Je ne sais pas de quel dessert vos p’tits bouts raffolent, mais ma petite puce Chloé, elle adore les flans comme pas possible ! A chaque fois qu’on lui pose la question, à tous les coups çà ne rate pas : « flan maman ! ». Et quel qu’en soit la nature, au chocolat, à la vanille, au coco et j’en passe, du moment que c’est du flan, c’est tout bon !

Une envie de faire plaisir

L’instinct maternel, qu’est-ce que ça vous change une vie ! Moi, qui suis une parfaite nullos dès qu’il s’agit de cuisiner ou de mitonner des petits plats, je me suis surprise à vouloir m’essayer à confectionner du flan ! Rien que pour faire plaisir à mon p’tit bout, et admettons-le pour pouvoir faire la coquette après comme « Quoi, ce flan ? C’est moi qui l’ai fait !! haha ! ».

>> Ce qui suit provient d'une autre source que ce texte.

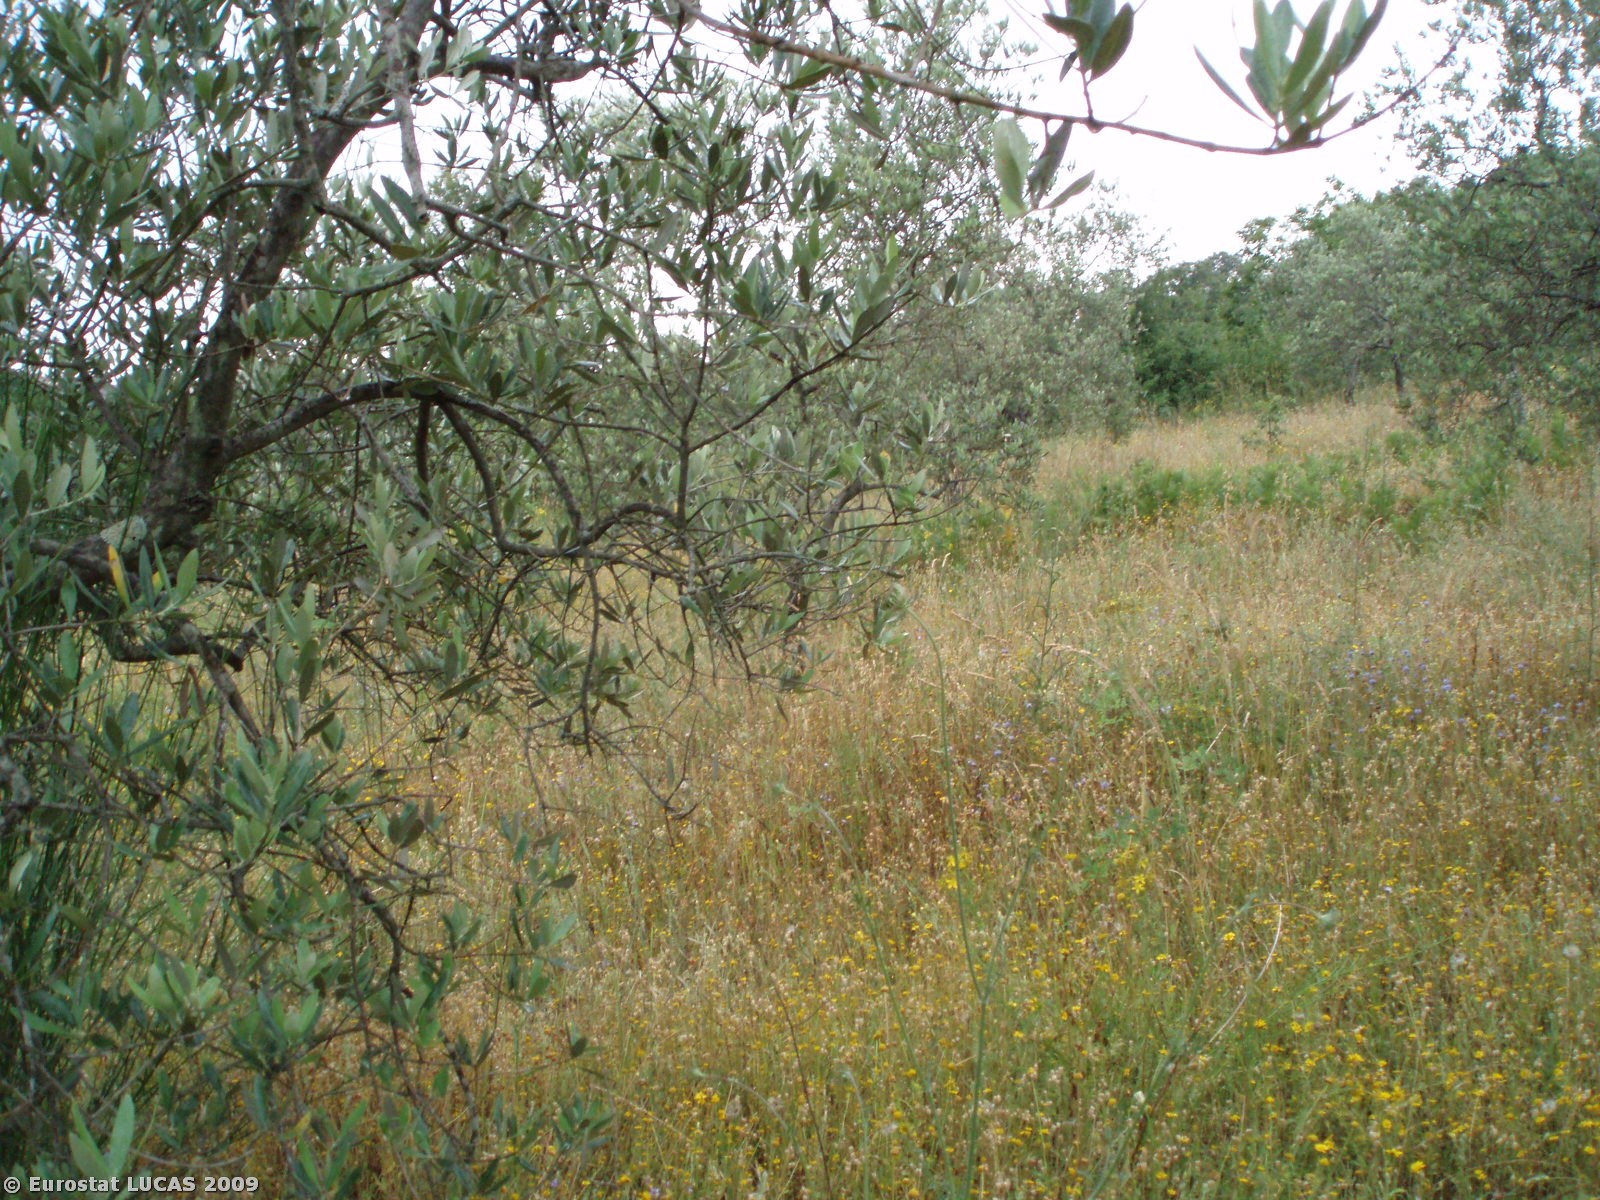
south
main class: Shrubland
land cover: Shrubland with sparse tree cover
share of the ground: > 75 %
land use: Fallow land
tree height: > 5 m
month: June
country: IT
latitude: 42.6776
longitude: 11.5934
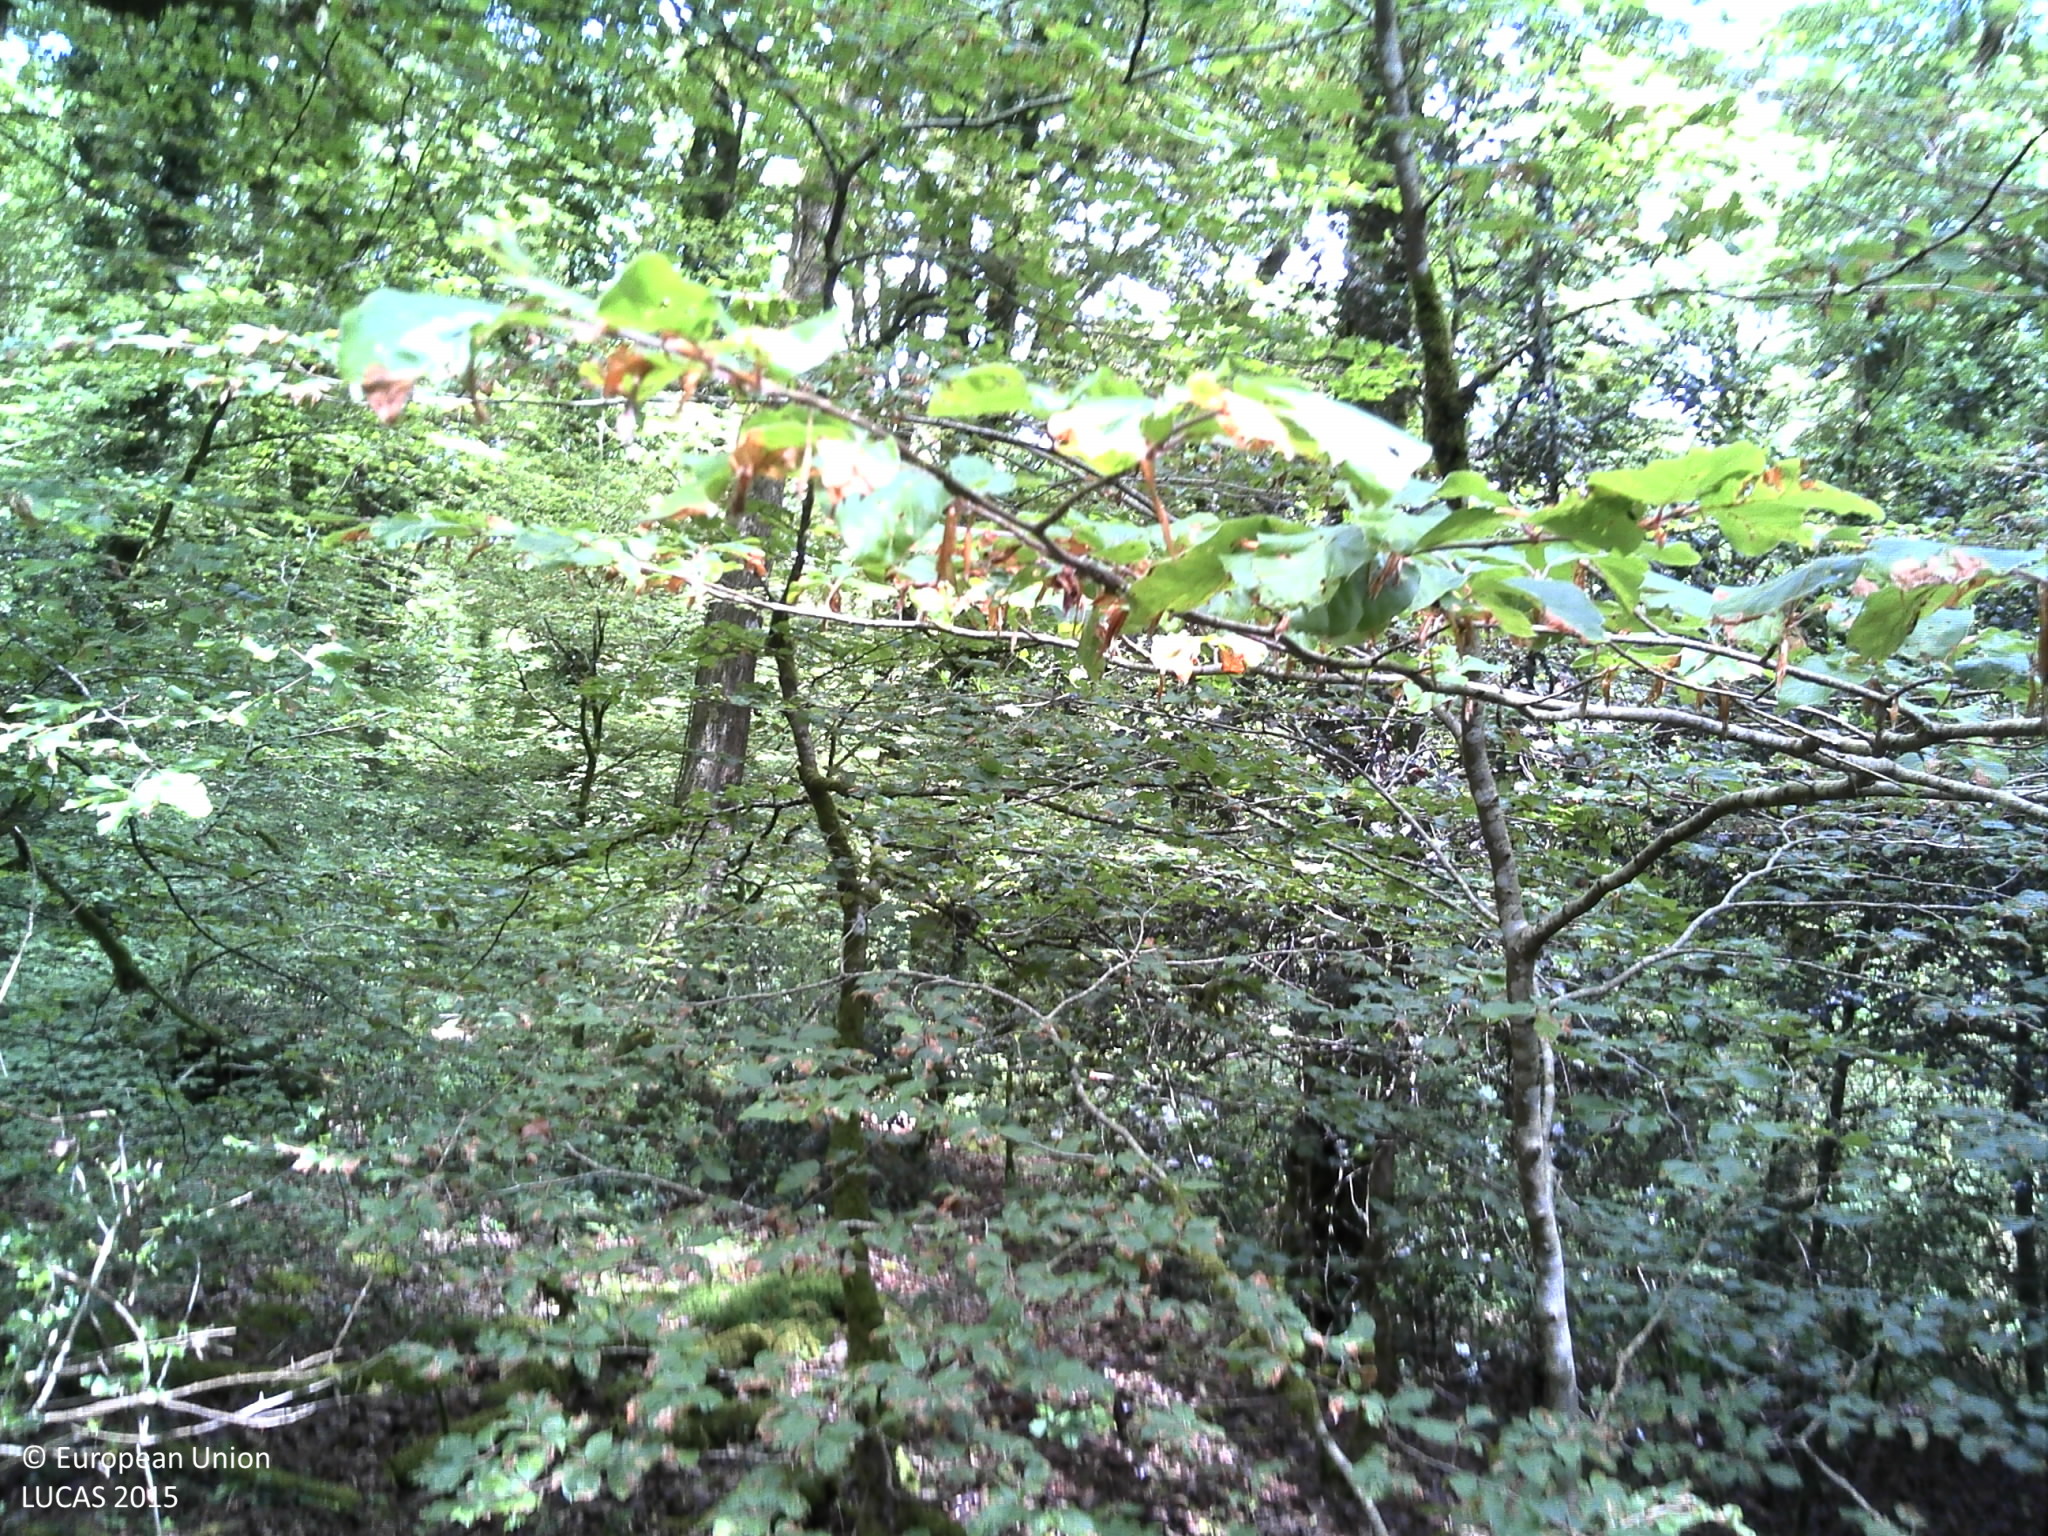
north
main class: Woodland
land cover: Broadleaved woodland
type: beech forest
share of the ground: > 75 %
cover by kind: broadleaved forest trees 95 %, herbaceous plants 5 %
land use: Forestry
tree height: > 5 m
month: June
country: FR
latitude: 47.8373
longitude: -3.5578
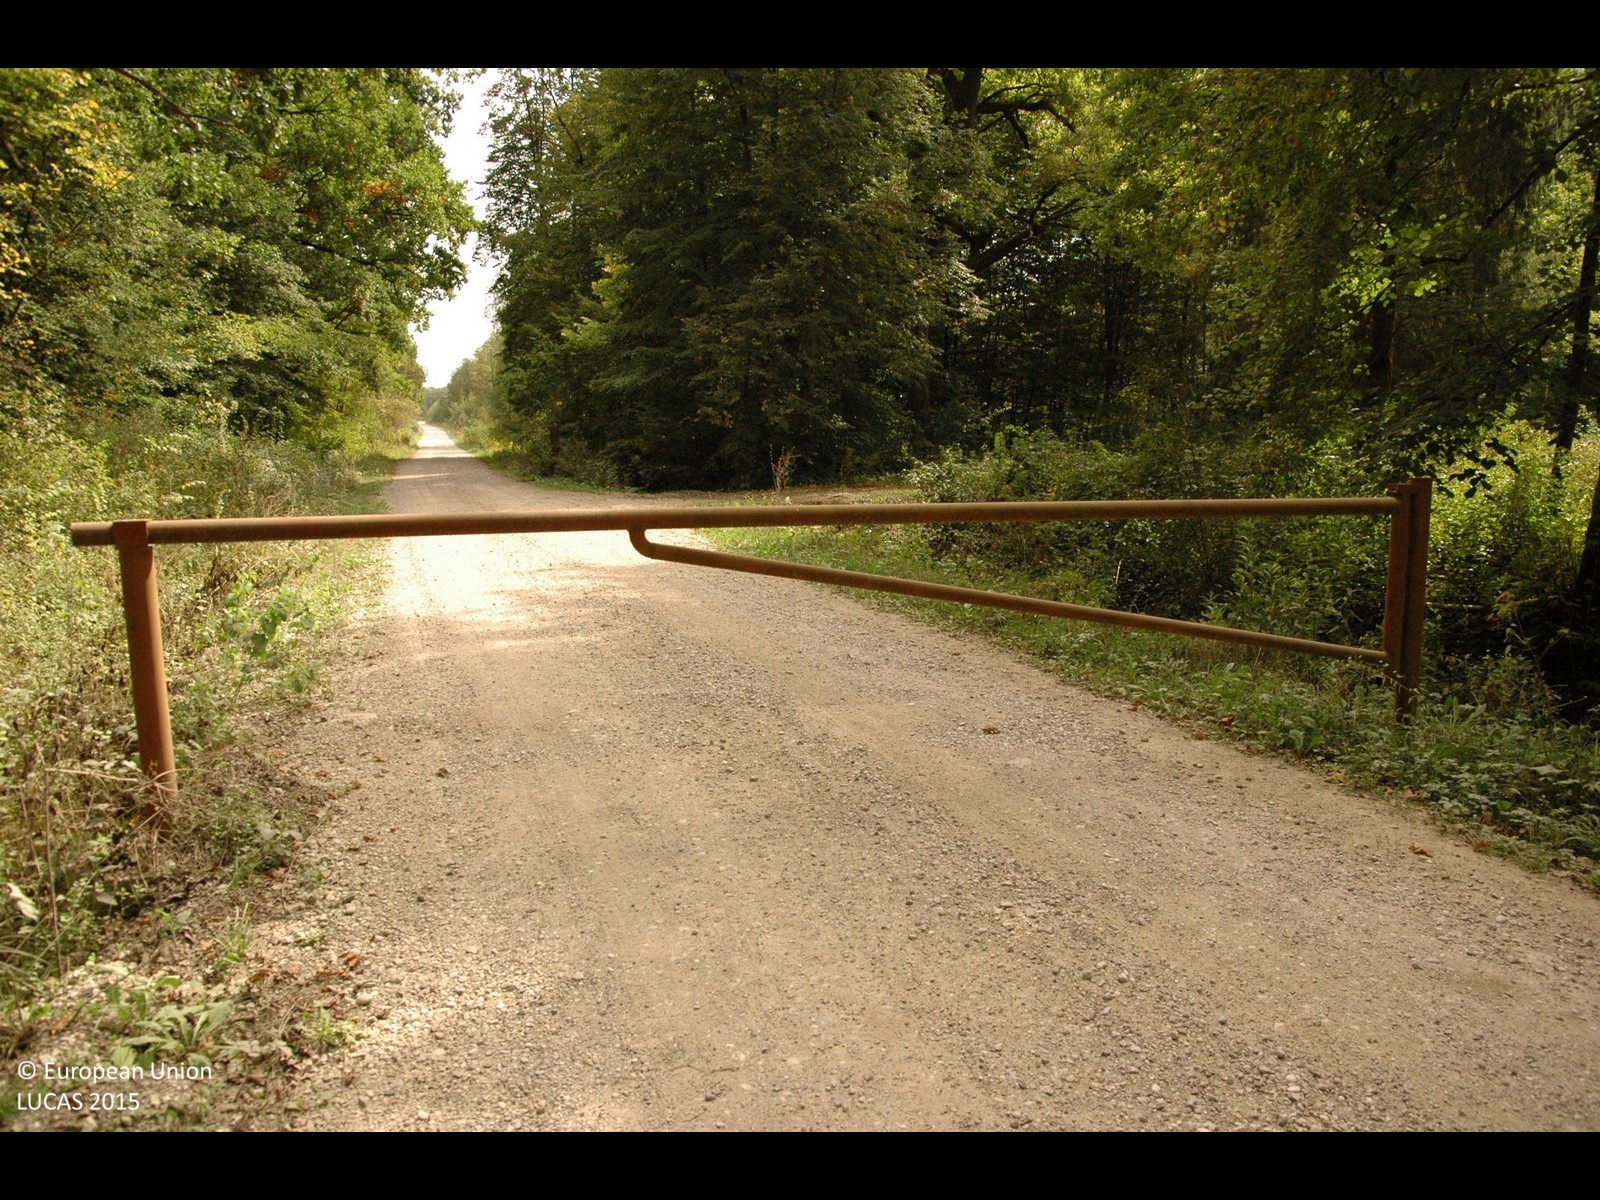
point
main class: Woodland
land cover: Broadleaved woodland
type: mesophytic deciduous forest
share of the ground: > 75 %
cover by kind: broadleaved forest trees 100 %
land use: Forestry
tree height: > 5 m
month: September
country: HR
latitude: 45.6088
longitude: 16.2424

A la recherche de la recette !

Comme je l’avais dit, je ne m’y connais rien en cuisine même si je prends des cours. Et quant à faire du flan, ce n’est pas du flan pour moi ! MDR, comme dit l’autre ! Bon, tant qu’à faire, mieux vaut le faire dans les règles. Alors, je farfouille sur le net pour découvrir LA recette facile pour débutante ! Et bingo, il y en a justement une au coco, comme Chloé les aime. Je la recopie rapidement sans omettre aucun des détails et astuces expliquées. Et zou, je m’en vais acheter les ingrédients à la superette du coin !

L’étape préparation

Et maintenant, les ingrédients et les ustensiles en main, que l’aventure commence ! Car c’est bien de çà qu’il s’agit, une aventure culinaire ! Super, le temps de préparation est rapide, juste 6 mn. Je m’attelle donc et je suis à la lettre les instructions de la recette, motivée comme pas deux. Je fais mon caramel comme indiqué. Il est dit qu’au sortir du four, il faut pencher le plat dans tous les sens pour répartir le caramel. Bizarrement, mon caramel ne coule pas aussi bien pour pouvoir se répartir tout seul ; donc je l’ai aidé un peu. Après avoir versé mon mélange lait-noix de coco-œufs dans mon bol de caramel, j’enfourne pour 15 mn à température moyenne, comme il est dit.

Le verdict

Je surveille attentivement ma montre et top, à la quinzième minute de cuisson, je fais sortir mon flan du four. Et là, bizarre ! D’abord çà n’a pas la belle couleur sablée de la recette. Elle est plus foncée. Ensuite, la texture n’a pas du tout l’idée qu’on se fait d’un flan ! En principe, un flan est moelleux et onctueux à souhait. Celui-là est tout sec et un tantinet friable presque comme une galette ! Et j’exagère à peine ! Le verdict donc, un échec cuisant pour Alice et son flan au coco ! Chloé en a été si dépitée que remplie de remords face à son enthousiasme ratatiné, je lui ai promis de lui acheter un de ces flans au coco dont elle raffole dès le lendemain !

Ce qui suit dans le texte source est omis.